Records excerpted from a collection
◇ ◇ ◇
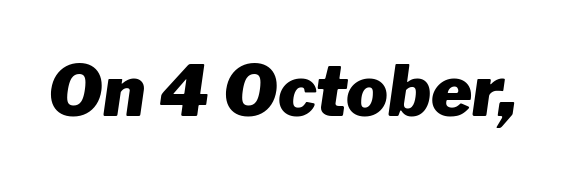
{"italic": "yes", "lean": "right", "slant_degrees": 8, "bold": "yes", "weight": "heavy", "width": "normal", "stroke_contrast": "low", "x_height": "medium", "monospaced": "no", "underline": "no", "letter_spacing": "normal", "letter_spacing_em": 0.0, "glyph_px": 70}
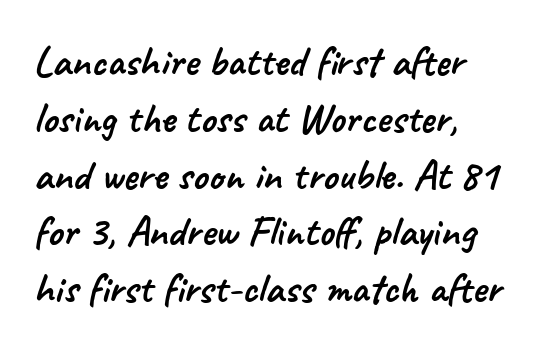
Q: Is the typeface a serif or a sans-serif typeface? A: Sans-serif.
Q: Is the text underlined? A: No.
Q: How is the paragraph aligned? A: Left-aligned.
Q: Is the spacing between letters normal or unusually wide? A: Normal.
Q: Is the spacing between lines tight, normal or loose? A: Normal.
Q: Width (condensed, normal, or wide)? A: Normal.
Q: Stroke contrast? A: Low.
Q: x-height? A: Small.
Q: Monospaced? A: No.
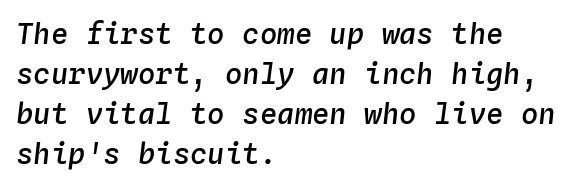
You could count columns in this text — the font is strictly monospaced. In CSS terms this would be text-align: left. Each row of text sits above clean, open space. Reading down the column, the eye jumps a familiar distance to each next line. The rendering applies a slant to the glyphs. Does the weight exceed regular? Yes, but only to semibold.
◇ ◇ ◇
Exercise. In the entries above, one line contains "Q: Stroke contrast? A: Low." and another contains "Q: Monospaced? A: No.". Reproduce exactly those two lines and the lines between them, nothing else.

Solved problem.
Q: Stroke contrast? A: Low.
Q: x-height? A: Small.
Q: Monospaced? A: No.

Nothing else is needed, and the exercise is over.